Work instruction:
In your copy of the records, include every word exactly and no pictures.
*** Opening Material supplied ***
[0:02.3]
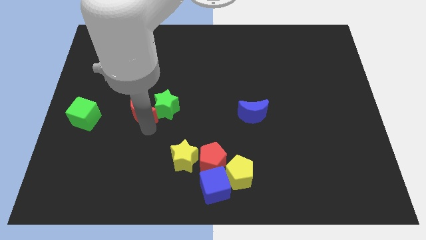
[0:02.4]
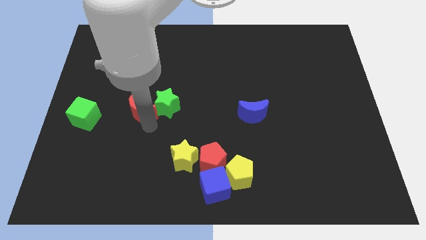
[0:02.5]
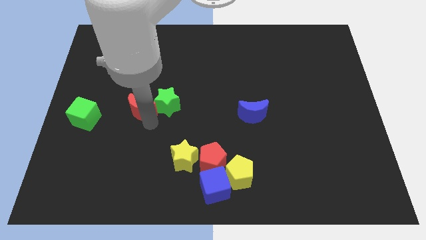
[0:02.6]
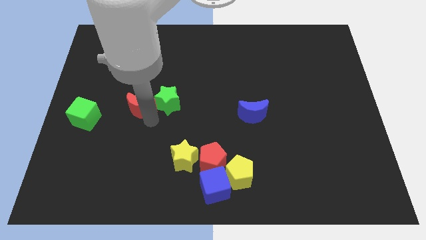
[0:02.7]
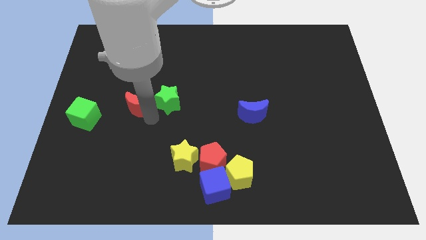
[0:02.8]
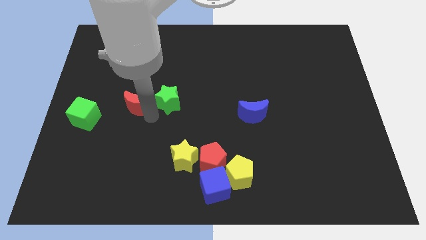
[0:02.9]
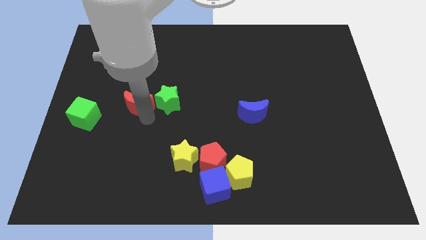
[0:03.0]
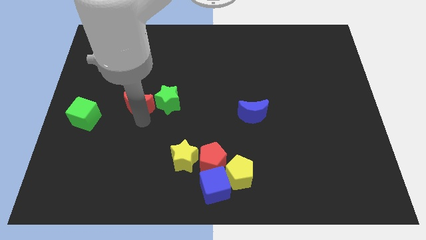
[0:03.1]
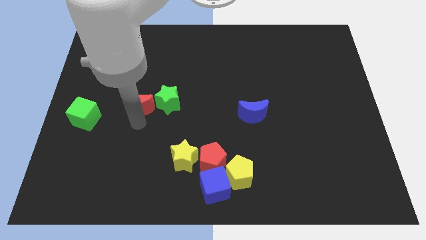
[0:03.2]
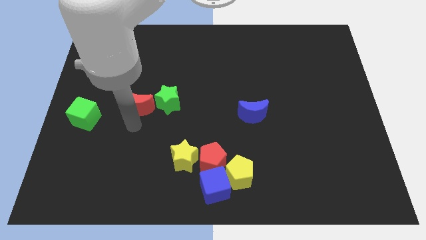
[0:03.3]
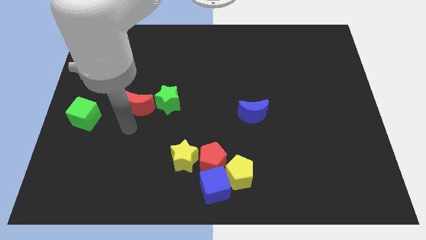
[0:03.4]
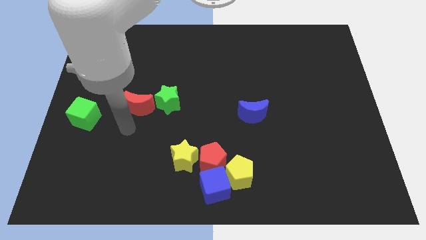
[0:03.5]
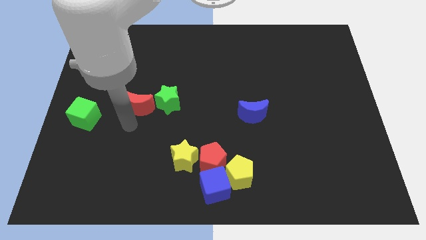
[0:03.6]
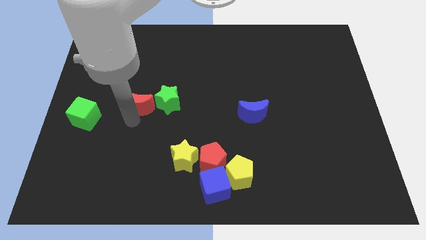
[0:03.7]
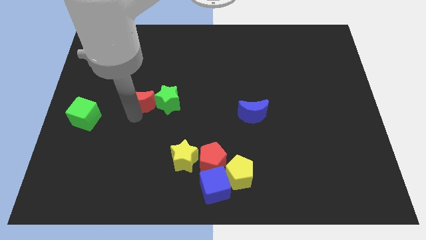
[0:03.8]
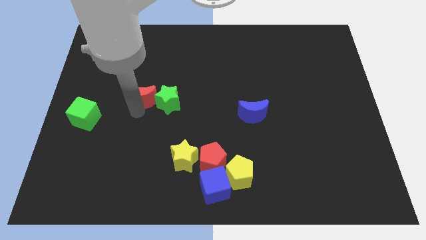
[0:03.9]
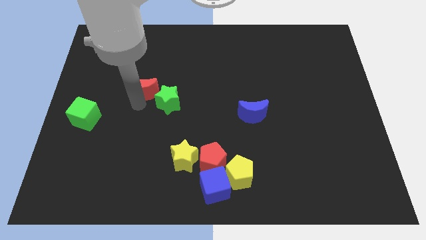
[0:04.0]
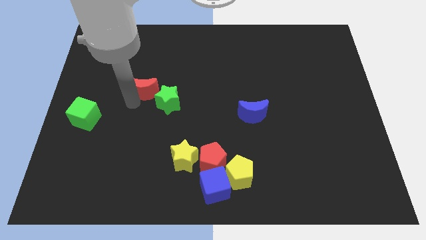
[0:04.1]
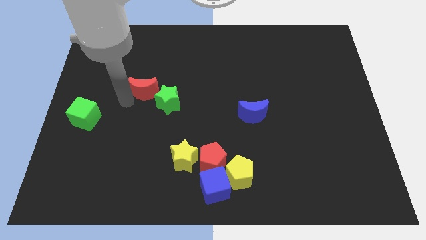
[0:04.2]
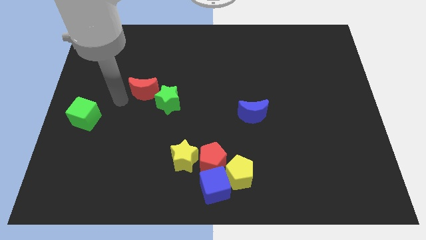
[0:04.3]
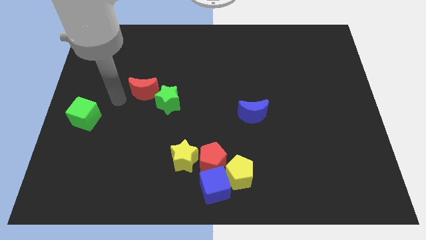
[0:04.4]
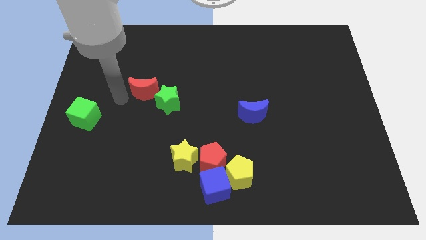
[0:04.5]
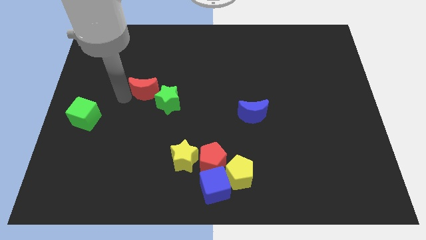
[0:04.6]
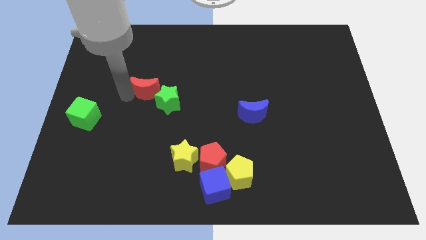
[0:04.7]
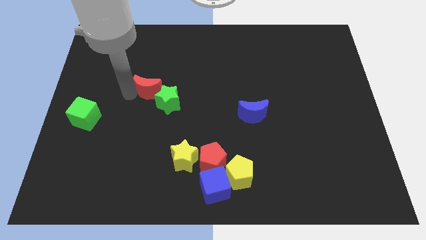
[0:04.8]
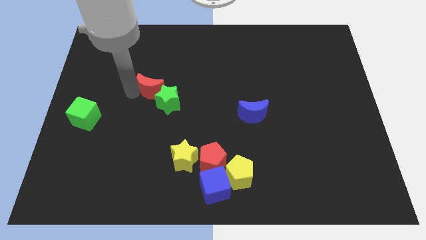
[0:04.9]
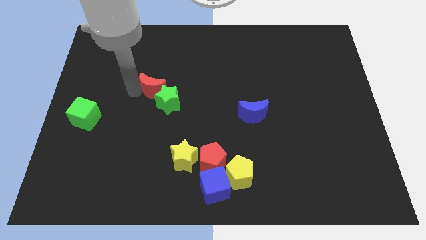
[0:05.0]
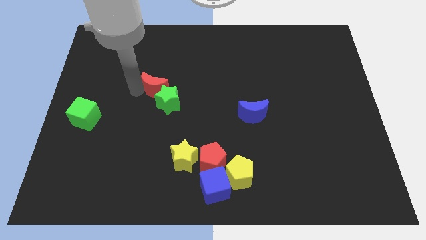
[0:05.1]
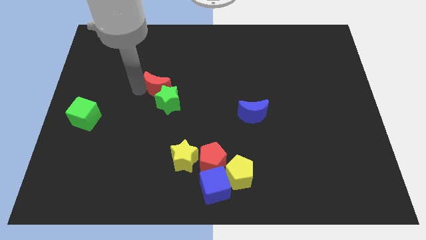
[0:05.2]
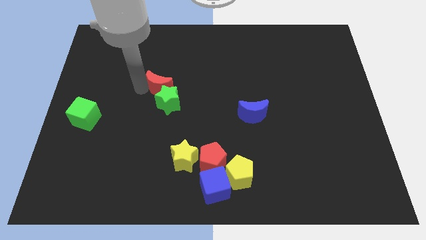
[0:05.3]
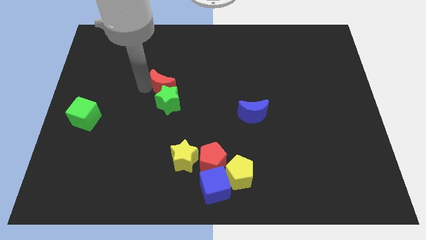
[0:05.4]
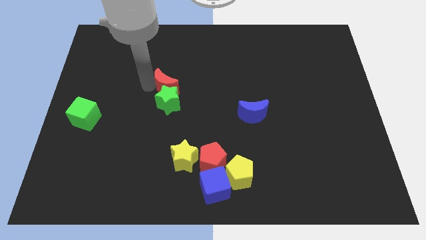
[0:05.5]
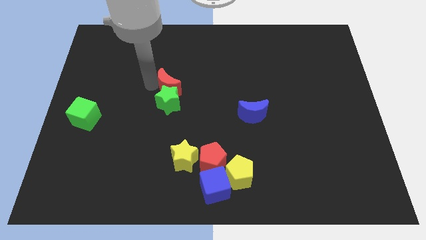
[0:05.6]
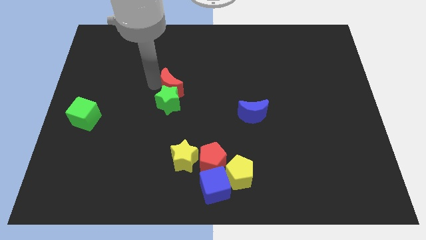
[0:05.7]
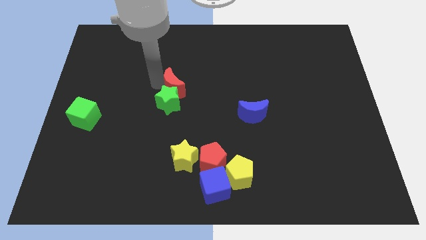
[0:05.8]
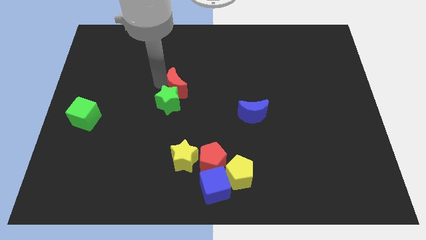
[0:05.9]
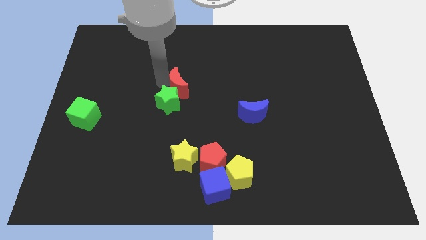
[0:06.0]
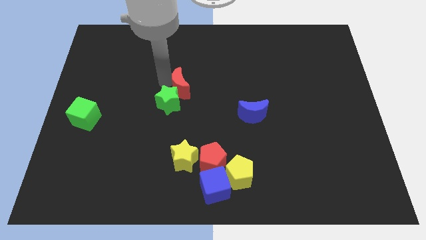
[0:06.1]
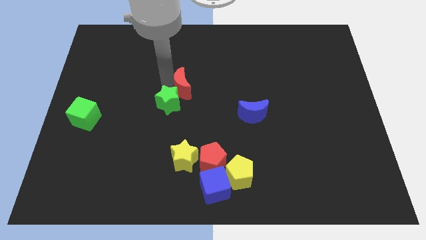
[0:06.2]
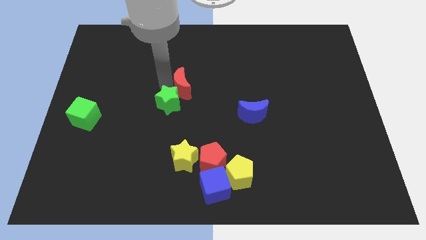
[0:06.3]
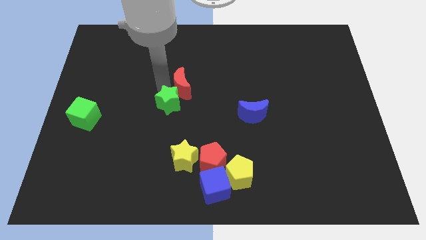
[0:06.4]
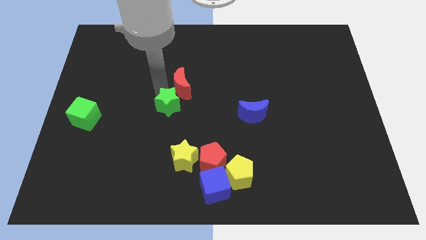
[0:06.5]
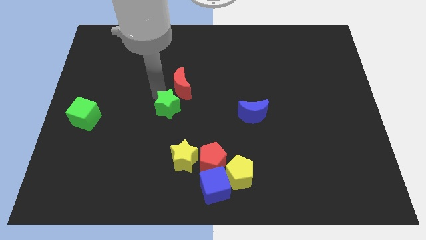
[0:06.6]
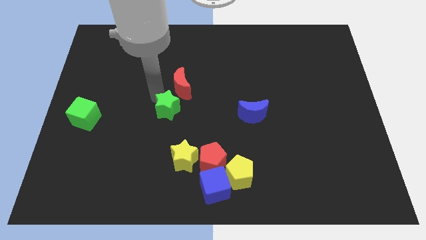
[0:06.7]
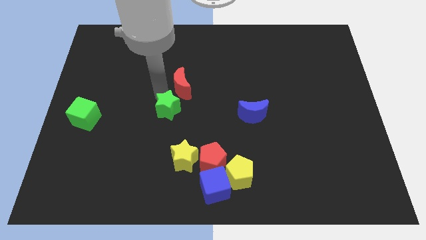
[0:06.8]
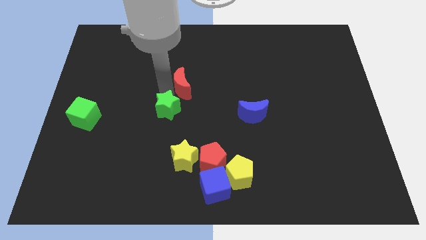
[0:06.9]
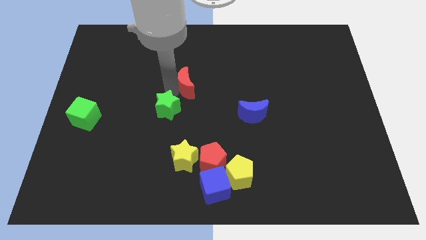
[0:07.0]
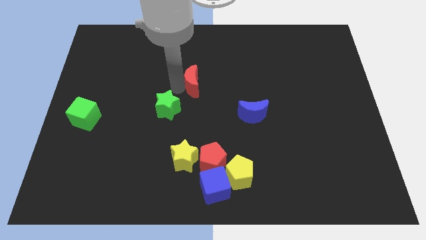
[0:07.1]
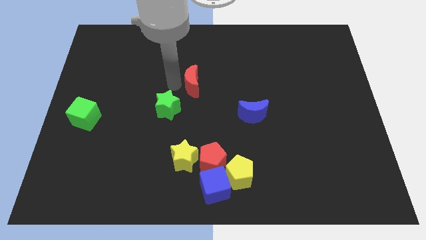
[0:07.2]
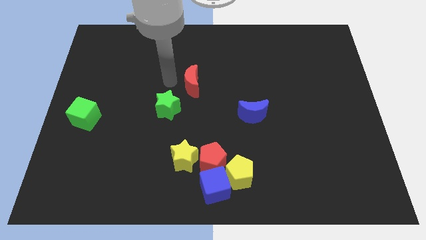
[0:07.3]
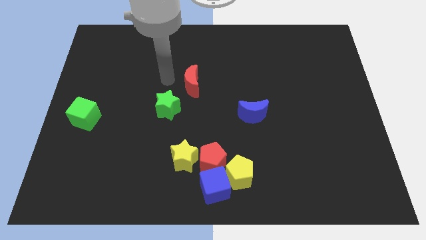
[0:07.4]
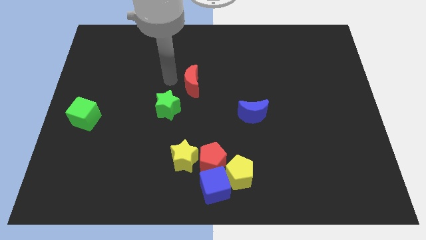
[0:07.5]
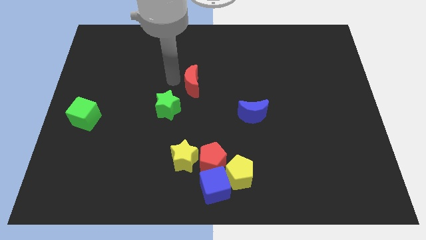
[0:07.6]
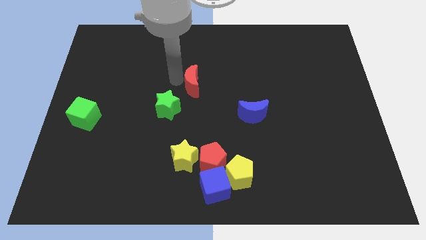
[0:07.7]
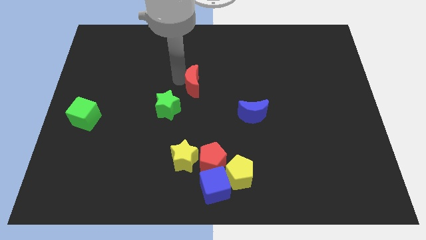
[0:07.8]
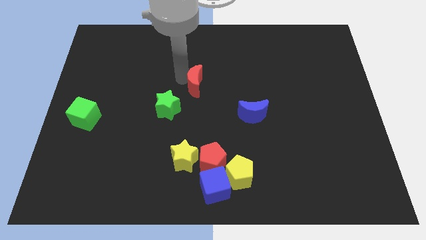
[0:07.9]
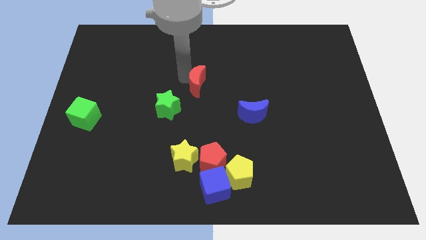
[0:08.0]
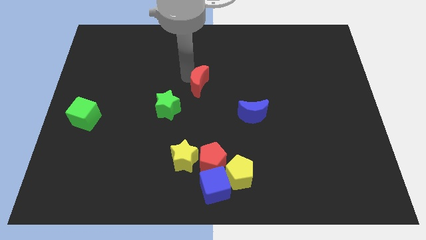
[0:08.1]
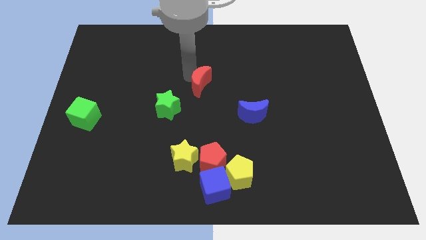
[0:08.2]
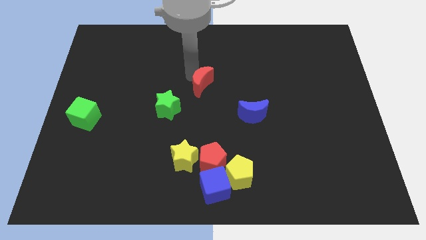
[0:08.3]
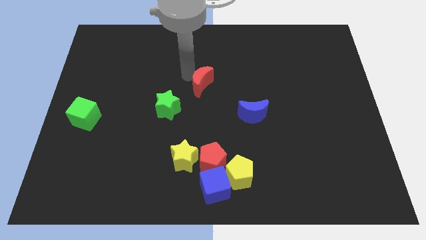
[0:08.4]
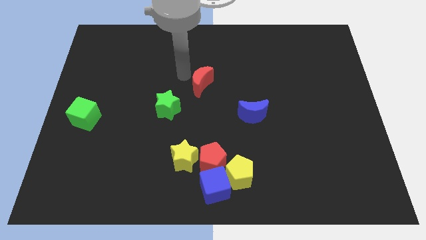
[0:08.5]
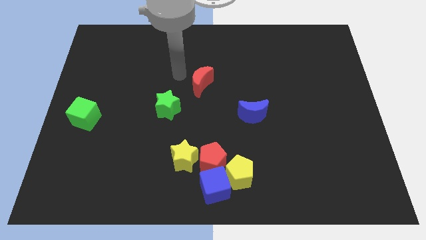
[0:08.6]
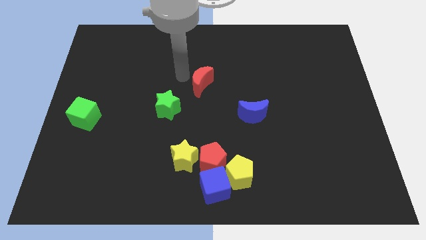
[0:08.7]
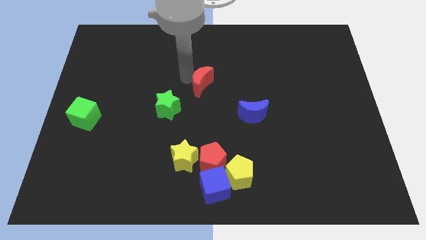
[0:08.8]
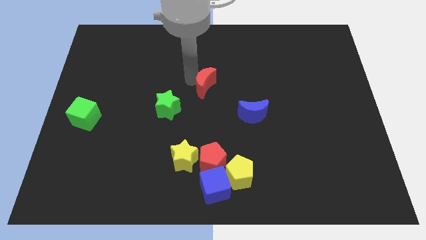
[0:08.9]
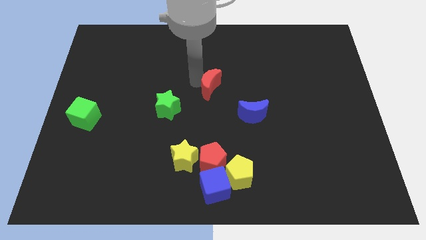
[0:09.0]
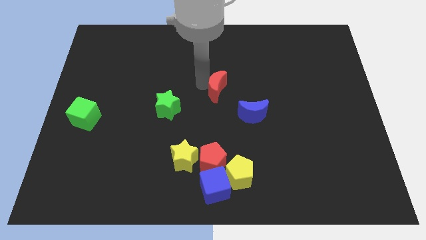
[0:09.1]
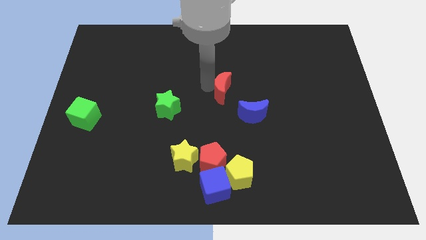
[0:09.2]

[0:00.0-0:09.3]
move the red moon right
*** Closing Material supplied ***
Exercise result:
[0:02.3]
[0:02.4]
[0:02.5]
[0:02.6]
[0:02.7]
[0:02.8]
[0:02.9]
[0:03.0]
[0:03.1]
[0:03.2]
[0:03.3]
[0:03.4]
[0:03.5]
[0:03.6]
[0:03.7]
[0:03.8]
[0:03.9]
[0:04.0]
[0:04.1]
[0:04.2]
[0:04.3]
[0:04.4]
[0:04.5]
[0:04.6]
[0:04.7]
[0:04.8]
[0:04.9]
[0:05.0]
[0:05.1]
[0:05.2]
[0:05.3]
[0:05.4]
[0:05.5]
[0:05.6]
[0:05.7]
[0:05.8]
[0:05.9]
[0:06.0]
[0:06.1]
[0:06.2]
[0:06.3]
[0:06.4]
[0:06.5]
[0:06.6]
[0:06.7]
[0:06.8]
[0:06.9]
[0:07.0]
[0:07.1]
[0:07.2]
[0:07.3]
[0:07.4]
[0:07.5]
[0:07.6]
[0:07.7]
[0:07.8]
[0:07.9]
[0:08.0]
[0:08.1]
[0:08.2]
[0:08.3]
[0:08.4]
[0:08.5]
[0:08.6]
[0:08.7]
[0:08.8]
[0:08.9]
[0:09.0]
[0:09.1]
[0:09.2]

[0:00.0-0:09.3]
move the red moon right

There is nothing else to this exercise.